Exercise details. Among the entries below, find the line with "Hoje é 11 de" and the line with "осередків громади глухих.". Return exactly those lines and every line between them, but no pictures.

Record set.
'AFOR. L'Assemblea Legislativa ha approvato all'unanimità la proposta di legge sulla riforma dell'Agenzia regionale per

==

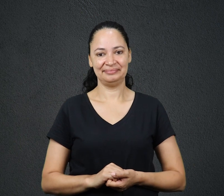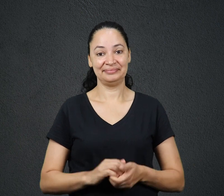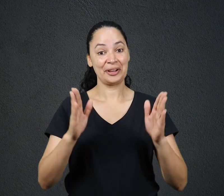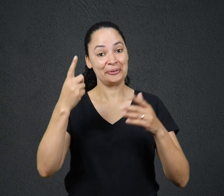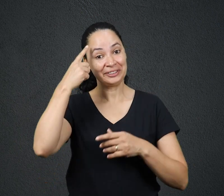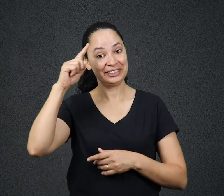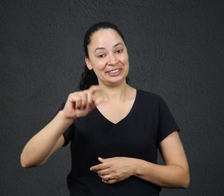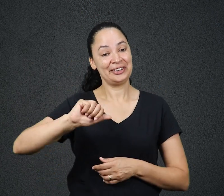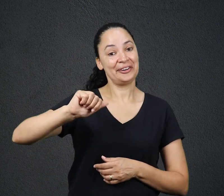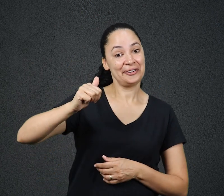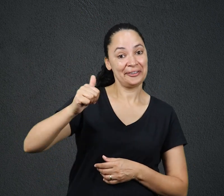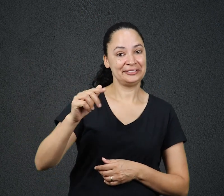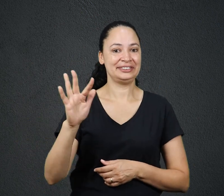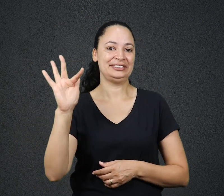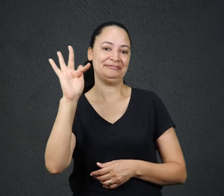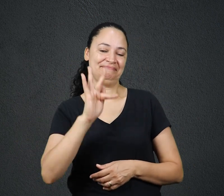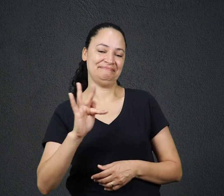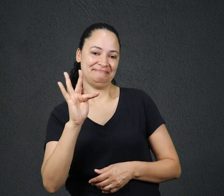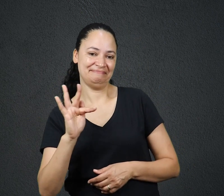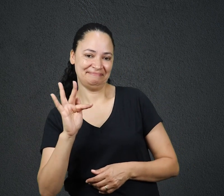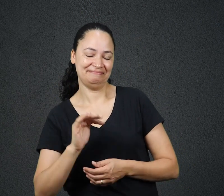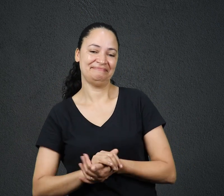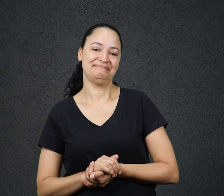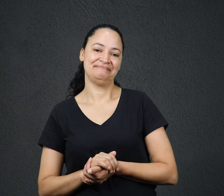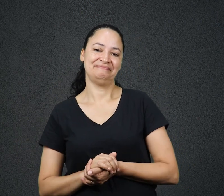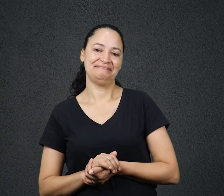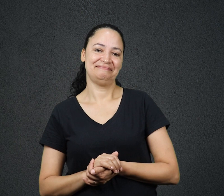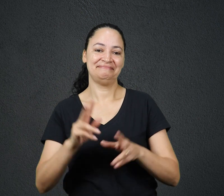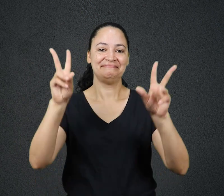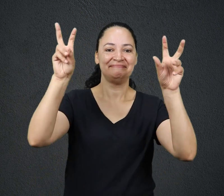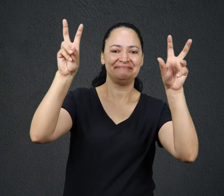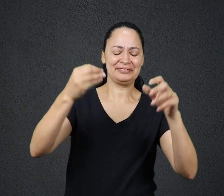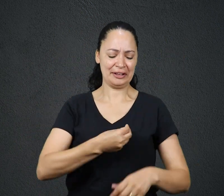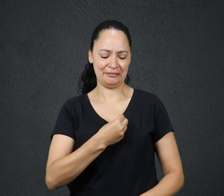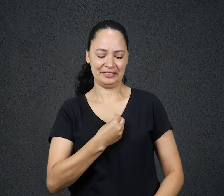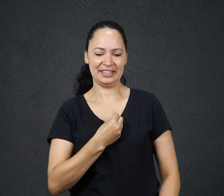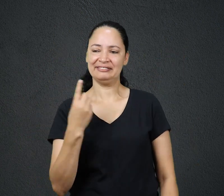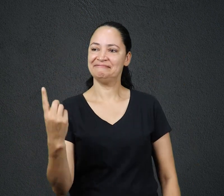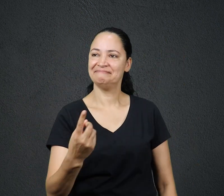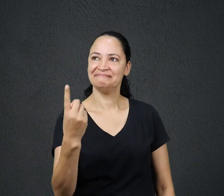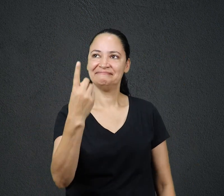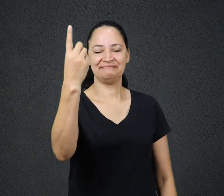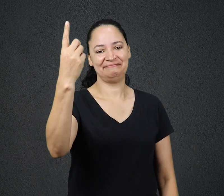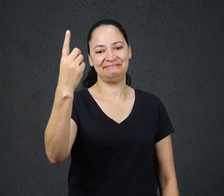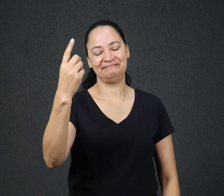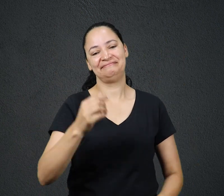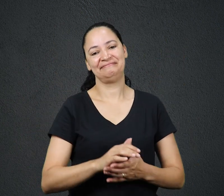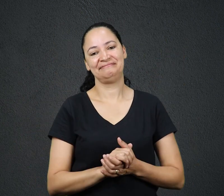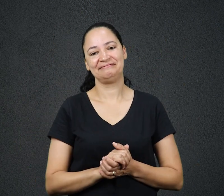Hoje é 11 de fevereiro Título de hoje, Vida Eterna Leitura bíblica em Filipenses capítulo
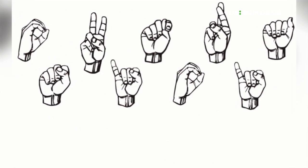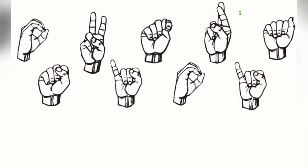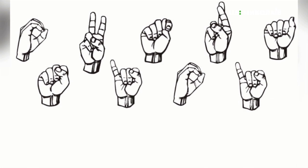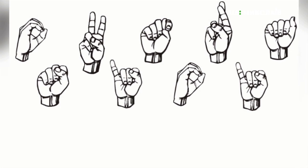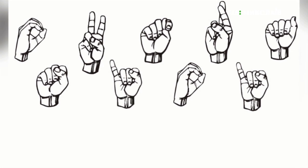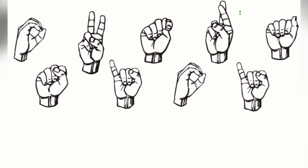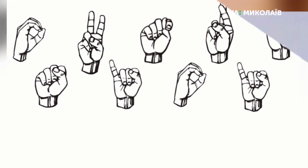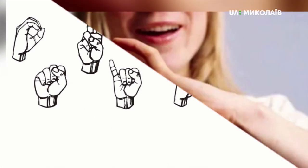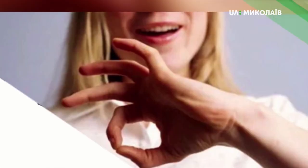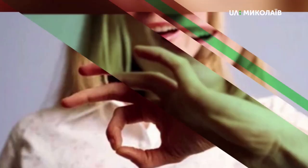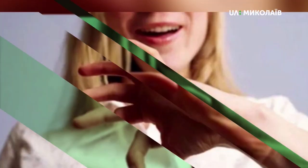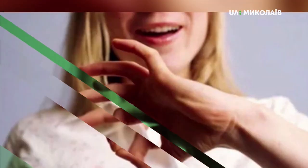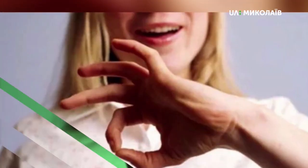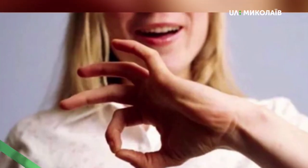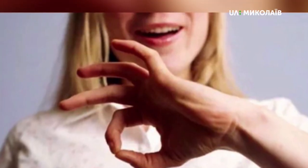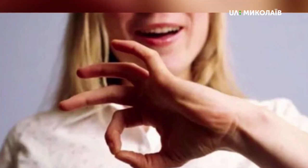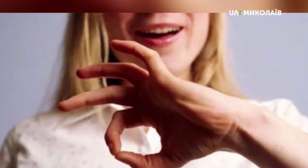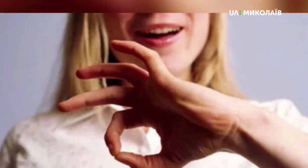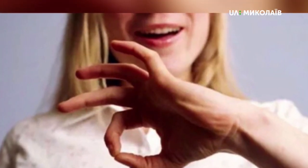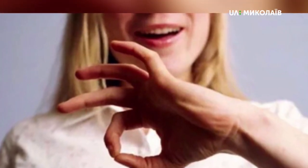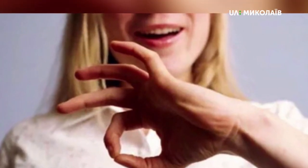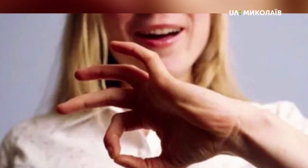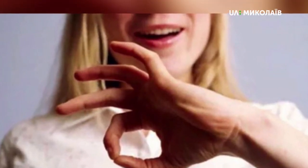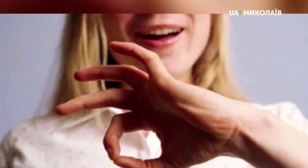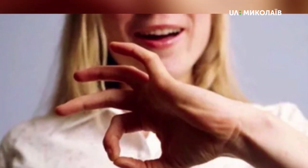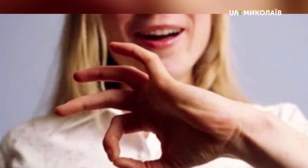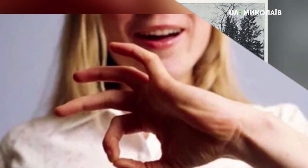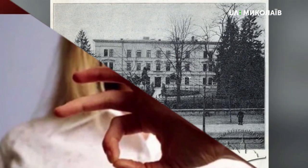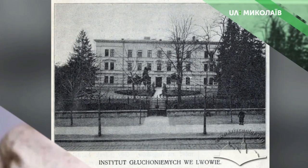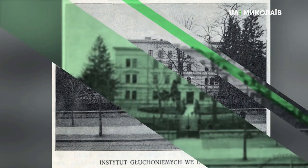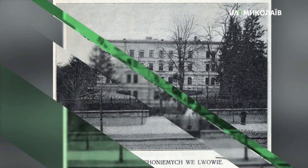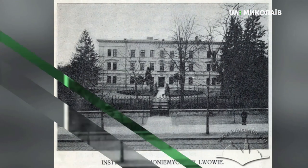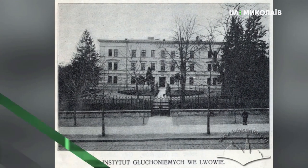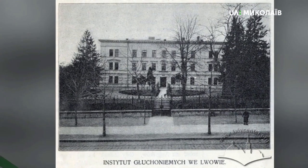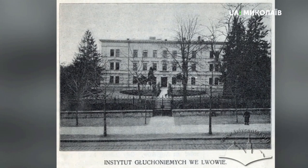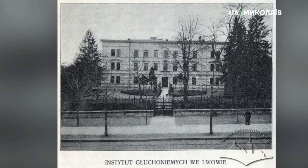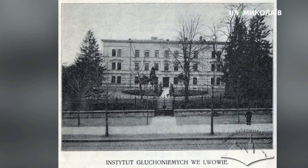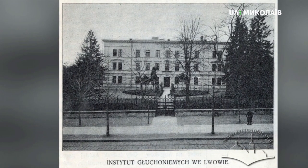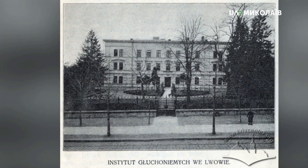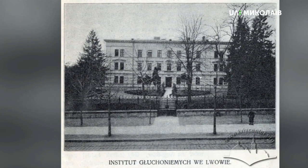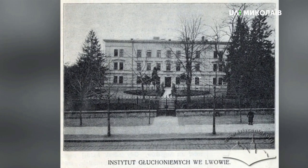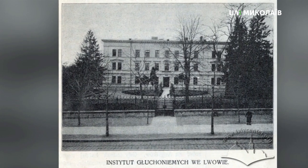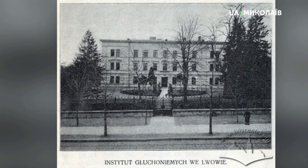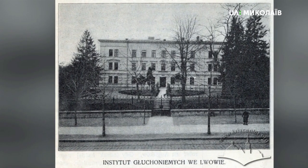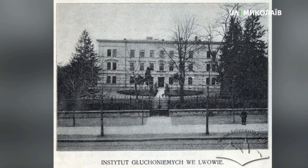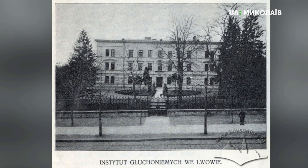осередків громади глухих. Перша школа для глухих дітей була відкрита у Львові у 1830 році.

* * *

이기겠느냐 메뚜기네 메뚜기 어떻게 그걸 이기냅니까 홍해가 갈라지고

Finished exercise.
Hoje é 11 de fevereiro Título de hoje, Vida Eterna Leitura bíblica em Filipenses capítulo
осередків громади глухих. Перша школа для глухих дітей була відкрита у Львові у 1830 році.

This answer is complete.